Get Angry. Nature gave us anger to help us defend against threats. In the instinctive context of “fight or flight,” it fuels the impulse to fight, and when the threat is external this is what we may prepare to do. However, we also use anger to defend ourselves against internal threats, including the prospect of experiencing the sense of worthlessness that typifies shame. Psychologists sometimes refer to anger as a secondary emotion, a less painful feeling that protects us from a primary, more painful one. For many ADHD children, anger is secondary to the sadness and self-loathing that are fellow travelers with shame.

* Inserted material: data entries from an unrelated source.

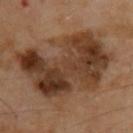Impression: Imaged during a routine full-body skin examination; the lesion was not biopsied and no histopathology is available. Context: Captured under cross-polarized illumination. The patient is a male in their 70s. A 15 mm close-up tile from a total-body photography series done for melanoma screening. The lesion is located on the upper back. The recorded lesion diameter is about 11.5 mm. Automated tile analysis of the lesion measured an area of roughly 50 mm² and a symmetry-axis asymmetry near 0.35. The software also gave a lesion color around L≈36 a*≈18 b*≈28 in CIELAB, about 12 CIELAB-L* units darker than the surrounding skin, and a normalized lesion–skin contrast near 10.5. The analysis additionally found a border-irregularity rating of about 5.5/10, internal color variation of about 7.5 on a 0–10 scale, and peripheral color asymmetry of about 2.5. It also reported a classifier nevus-likeness of about 0/100 and a detector confidence of about 100 out of 100 that the crop contains a lesion.
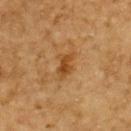Q: Where on the body is the lesion?
A: the upper back
Q: Patient demographics?
A: male, in their mid- to late 80s or older
Q: Illumination type?
A: cross-polarized
Q: What kind of image is this?
A: ~15 mm crop, total-body skin-cancer survey
Q: Automated lesion metrics?
A: a mean CIELAB color near L≈40 a*≈20 b*≈37, a lesion–skin lightness drop of about 8, and a normalized border contrast of about 7.5; a border-irregularity rating of about 4.5/10
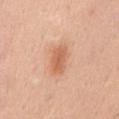biopsy_status: not biopsied; imaged during a skin examination
patient:
  sex: female
  age_approx: 55
lesion_size:
  long_diameter_mm_approx: 4.0
image:
  source: total-body photography crop
  field_of_view_mm: 15
site: abdomen
lighting: white-light
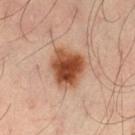No biopsy was performed on this lesion — it was imaged during a full skin examination and was not determined to be concerning.
A male patient, aged around 35.
A 15 mm close-up tile from a total-body photography series done for melanoma screening.
The lesion is located on the left thigh.
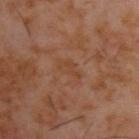Recorded during total-body skin imaging; not selected for excision or biopsy. This image is a 15 mm lesion crop taken from a total-body photograph. Automated image analysis of the tile measured a lesion area of about 4 mm², a shape eccentricity near 0.85, and a symmetry-axis asymmetry near 0.4. The analysis additionally found an average lesion color of about L≈40 a*≈20 b*≈29 (CIELAB) and a lesion–skin lightness drop of about 4. And it measured a border-irregularity index near 4.5/10, internal color variation of about 1.5 on a 0–10 scale, and radial color variation of about 0.5. On the upper back. Imaged with cross-polarized lighting. A male patient, aged 58 to 62. Longest diameter approximately 3 mm.
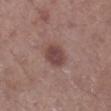follow-up: total-body-photography surveillance lesion; no biopsy
patient: male, aged around 60
location: the right lower leg
acquisition: 15 mm crop, total-body photography
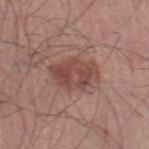Impression: No biopsy was performed on this lesion — it was imaged during a full skin examination and was not determined to be concerning. Acquisition and patient details: Captured under white-light illumination. A region of skin cropped from a whole-body photographic capture, roughly 15 mm wide. Automated tile analysis of the lesion measured an area of roughly 14 mm², a shape eccentricity near 0.7, and two-axis asymmetry of about 0.2. It also reported a mean CIELAB color near L≈47 a*≈21 b*≈24 and a normalized lesion–skin contrast near 7. The analysis additionally found internal color variation of about 4 on a 0–10 scale and radial color variation of about 1.5. The patient is a male aged 23 to 27. About 5 mm across. Located on the right lower leg.
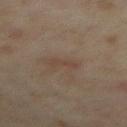Notes:
• follow-up — catalogued during a skin exam; not biopsied
• imaging modality — ~15 mm crop, total-body skin-cancer survey
• image-analysis metrics — a footprint of about 2.5 mm², a shape eccentricity near 0.95, and a symmetry-axis asymmetry near 0.3; a border-irregularity index near 4.5/10; a nevus-likeness score of about 0/100
• patient — female, about 35 years old
• lesion size — ~2.5 mm (longest diameter)
• illumination — cross-polarized illumination
• location — the right thigh
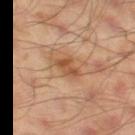notes: catalogued during a skin exam; not biopsied
site: the leg
acquisition: ~15 mm crop, total-body skin-cancer survey
automated metrics: two-axis asymmetry of about 0.35; a lesion color around L≈51 a*≈22 b*≈36 in CIELAB, a lesion–skin lightness drop of about 10, and a lesion-to-skin contrast of about 7.5 (normalized; higher = more distinct); lesion-presence confidence of about 100/100
tile lighting: cross-polarized
subject: male, approximately 45 years of age
size: ≈2.5 mm
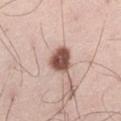Clinical impression:
Imaged during a routine full-body skin examination; the lesion was not biopsied and no histopathology is available.
Context:
Automated tile analysis of the lesion measured a lesion area of about 8 mm² and a shape eccentricity near 0.25. It also reported border irregularity of about 2 on a 0–10 scale, a within-lesion color-variation index near 4/10, and radial color variation of about 1.5. The analysis additionally found a classifier nevus-likeness of about 90/100 and lesion-presence confidence of about 100/100. Cropped from a total-body skin-imaging series; the visible field is about 15 mm. Captured under white-light illumination. The patient is a male aged approximately 35. From the left thigh.
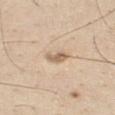This lesion was catalogued during total-body skin photography and was not selected for biopsy. Approximately 2.5 mm at its widest. Automated image analysis of the tile measured a lesion area of about 3 mm², a shape eccentricity near 0.85, and two-axis asymmetry of about 0.35. The analysis additionally found an automated nevus-likeness rating near 10 out of 100 and lesion-presence confidence of about 100/100. A male subject, aged around 30. From the chest. Cropped from a total-body skin-imaging series; the visible field is about 15 mm.
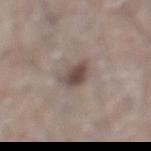workup = imaged on a skin check; not biopsied
anatomic site = the abdomen
lesion diameter = ~3 mm (longest diameter)
subject = male, in their mid-70s
image-analysis metrics = a shape eccentricity near 0.65 and two-axis asymmetry of about 0.25; an average lesion color of about L≈47 a*≈13 b*≈19 (CIELAB), a lesion–skin lightness drop of about 12, and a normalized lesion–skin contrast near 9; a border-irregularity rating of about 2.5/10, a color-variation rating of about 3/10, and a peripheral color-asymmetry measure near 1
lighting = white-light
imaging modality = 15 mm crop, total-body photography
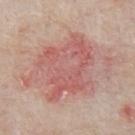Captured during whole-body skin photography for melanoma surveillance; the lesion was not biopsied.
The total-body-photography lesion software estimated a classifier nevus-likeness of about 5/100 and a lesion-detection confidence of about 95/100.
Located on the chest.
A 15 mm close-up tile from a total-body photography series done for melanoma screening.
The subject is a male in their mid-60s.
The recorded lesion diameter is about 7.5 mm.
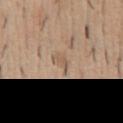Impression: The lesion was photographed on a routine skin check and not biopsied; there is no pathology result. Image and clinical context: A male patient aged 38 to 42. From the abdomen. Measured at roughly 3 mm in maximum diameter. A region of skin cropped from a whole-body photographic capture, roughly 15 mm wide.
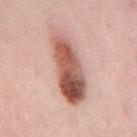notes=total-body-photography surveillance lesion; no biopsy
image source=~15 mm crop, total-body skin-cancer survey
body site=the mid back
patient=female, in their 40s
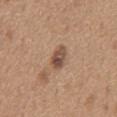This lesion was catalogued during total-body skin photography and was not selected for biopsy. A close-up tile cropped from a whole-body skin photograph, about 15 mm across. The lesion is on the mid back. A male patient, roughly 65 years of age.
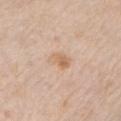Impression: Imaged during a routine full-body skin examination; the lesion was not biopsied and no histopathology is available. Context: The patient is a male aged 73–77. Captured under white-light illumination. The lesion's longest dimension is about 2.5 mm. The lesion is located on the left upper arm. A region of skin cropped from a whole-body photographic capture, roughly 15 mm wide. An algorithmic analysis of the crop reported a lesion color around L≈65 a*≈18 b*≈33 in CIELAB, roughly 8 lightness units darker than nearby skin, and a lesion-to-skin contrast of about 6 (normalized; higher = more distinct). It also reported a border-irregularity index near 2.5/10 and peripheral color asymmetry of about 1.5. And it measured a classifier nevus-likeness of about 15/100 and lesion-presence confidence of about 100/100.
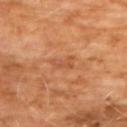No biopsy was performed on this lesion — it was imaged during a full skin examination and was not determined to be concerning. The patient is a male about 60 years old. Imaged with cross-polarized lighting. Located on the chest. About 3 mm across. A lesion tile, about 15 mm wide, cut from a 3D total-body photograph.
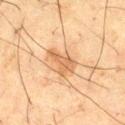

Defy. Some ADHD kids will express their anger in the more intense ways that lead to negative behaviors and the other diagnoses so common among ADHD kids. These include Oppositional Defiant Disorder, Conduct Disorder, and a new diagnosis introduced in 2014, Disruptive Mood Dysregulation Disorder. These conditions are characterized by fits of temper or rage; by refusal to comply with adults and their rules; by disrupting the home or school environment; or, in the extreme, by causing harm to people and property. Even though a child may know that these patterns of behavior can create potential obstacles in the future, the risk often seems preferable to the emotional hurt of shame that seems certain in the present.
Be Funny. When I was an ADHD child, this was my preferred defense against shame. Because I could seldom gain approval in the classroom for my academic accomplishments, I tried to get it by making others laugh, often blurting out comments I thought were humorous. If teachers thought the same, I did get a sort of approval. If not, I got disciplined. Through the first five grades, I spent hours and hours serving “time outs” in the hallway or coat closet. I took secret pleasure in knowing that when I was found daydreaming, I would be banished to places where I had the unfettered freedom to daydream some more.
Stop Trying. This is the ultimate defense, the one described by teachers and parents with such words as unmotivated, disinterested, even lazy. It is usually none of these. Rather it is a behavioral response to multiple past failures, a refusal to risk any more in the future, and a shutting down of effort that follows a shutting out of optimism. Children who utilize this defense may stop doing their work. They may stop asking for help. They may appear lost or unresponsive. They may fall asleep in school or begin cutting classes. In doing so, they are using behavior to communicate a decision: For fear of more failure, I have stopped investing in the hope of success.